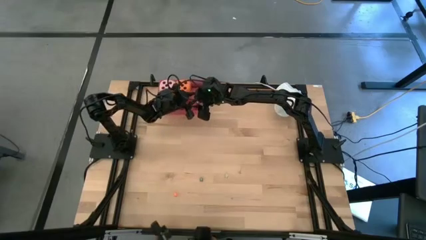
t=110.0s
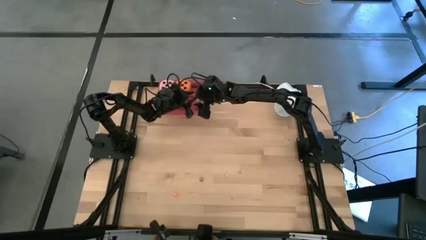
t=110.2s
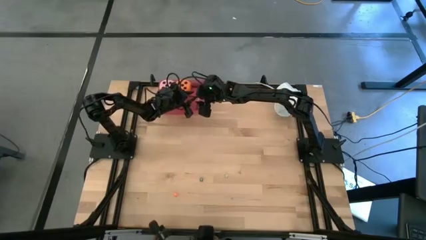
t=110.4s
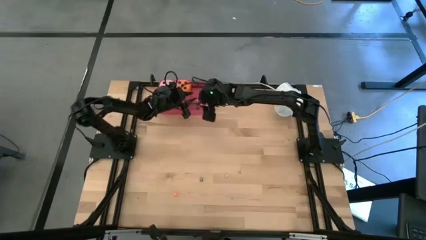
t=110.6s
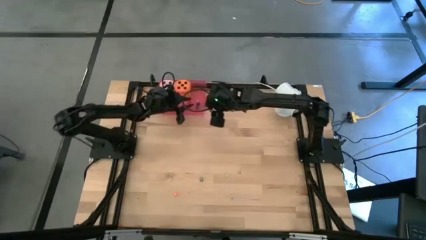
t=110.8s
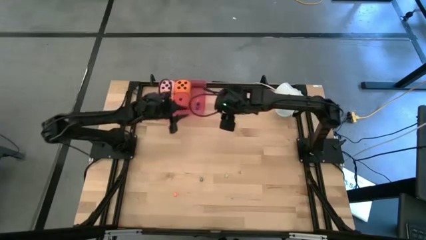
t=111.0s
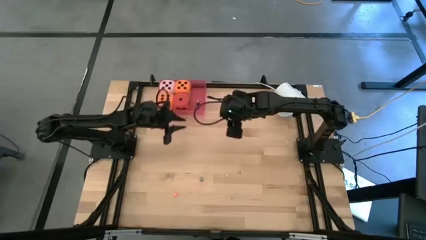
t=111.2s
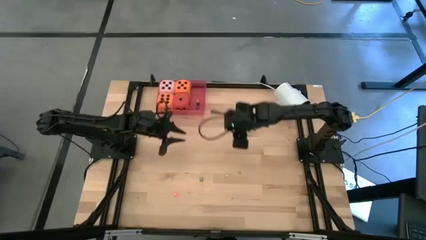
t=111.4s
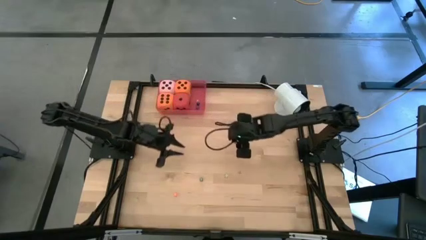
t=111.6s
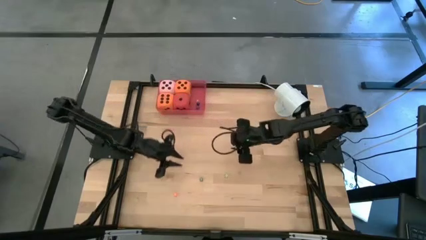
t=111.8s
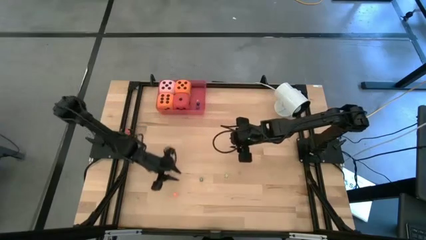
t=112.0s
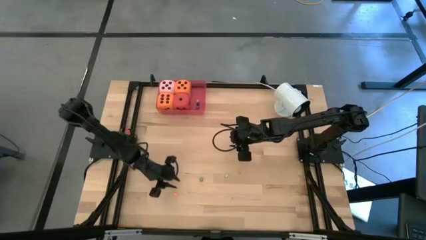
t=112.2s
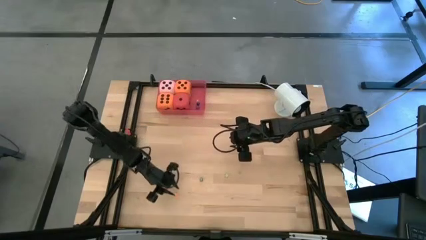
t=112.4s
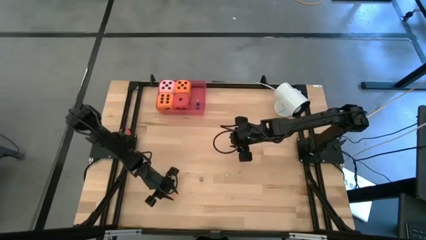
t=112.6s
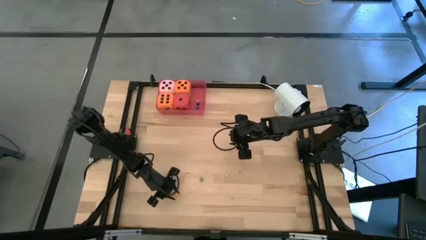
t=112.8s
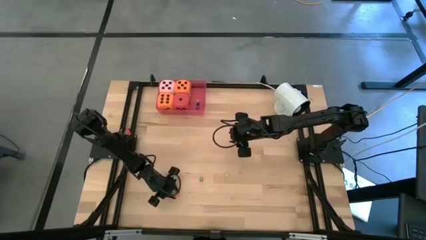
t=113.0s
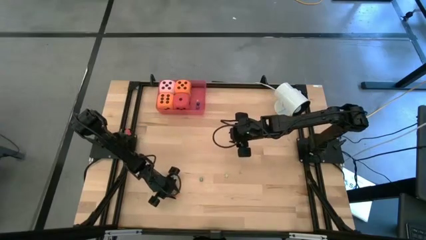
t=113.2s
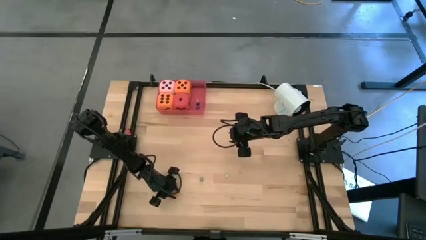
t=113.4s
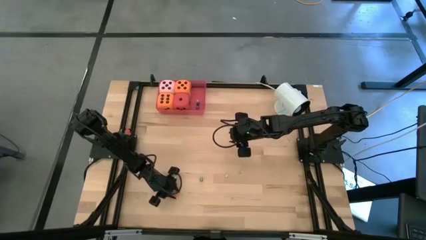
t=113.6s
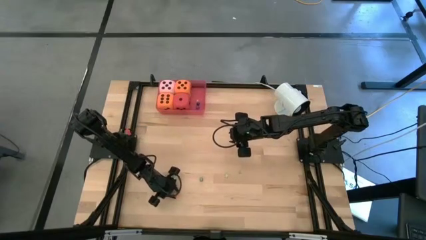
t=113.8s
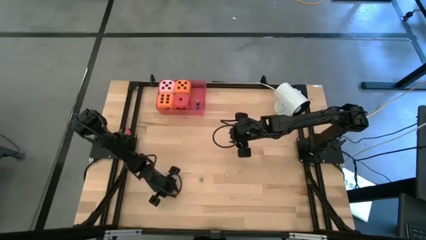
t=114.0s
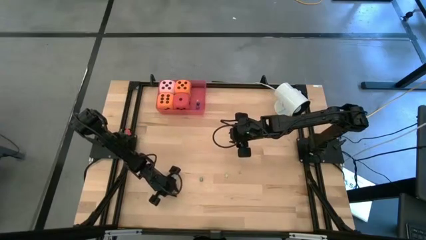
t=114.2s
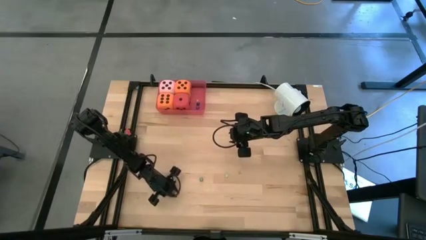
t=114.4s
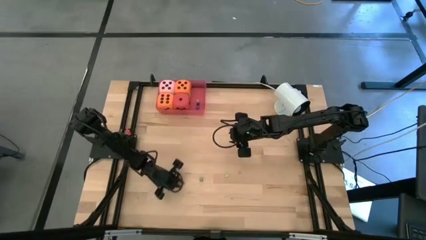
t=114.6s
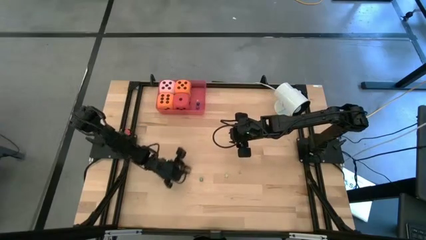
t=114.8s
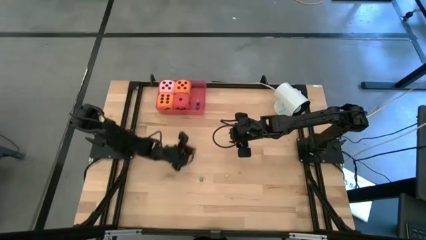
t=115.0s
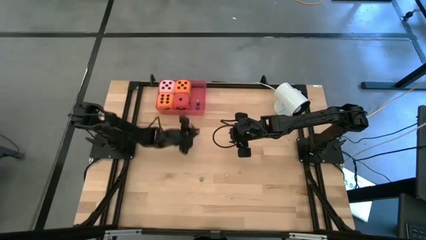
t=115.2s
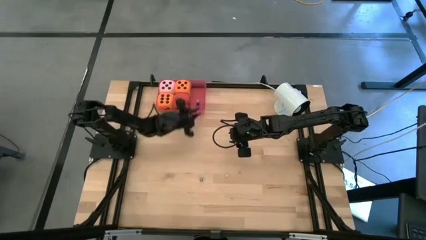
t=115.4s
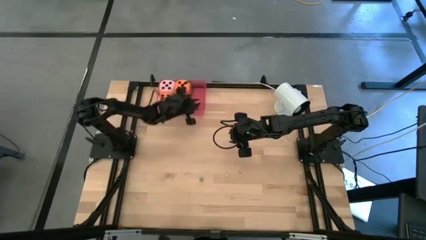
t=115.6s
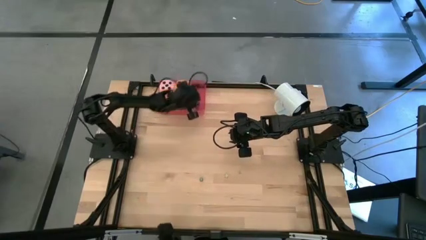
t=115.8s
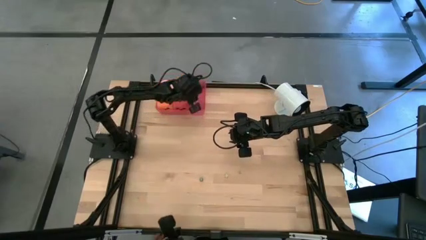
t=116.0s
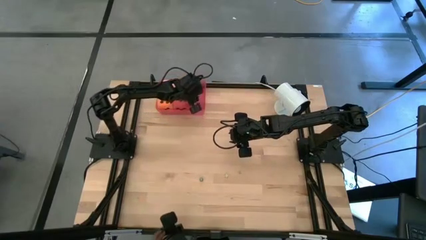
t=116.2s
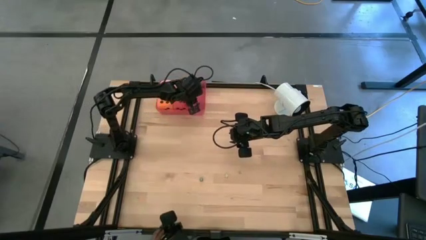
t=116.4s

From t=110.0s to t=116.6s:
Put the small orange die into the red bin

========================================

The records above must be output exactly, except for their pictures.

#### [EXERCISE RESULT]
t=110.0s
t=110.2s
t=110.4s
t=110.6s
t=110.8s
t=111.0s
t=111.2s
t=111.4s
t=111.6s
t=111.8s
t=112.0s
t=112.2s
t=112.4s
t=112.6s
t=112.8s
t=113.0s
t=113.2s
t=113.4s
t=113.6s
t=113.8s
t=114.0s
t=114.2s
t=114.4s
t=114.6s
t=114.8s
t=115.0s
t=115.2s
t=115.4s
t=115.6s
t=115.8s
t=116.0s
t=116.2s
t=116.4s

From t=110.0s to t=116.6s:
Put the small orange die into the red bin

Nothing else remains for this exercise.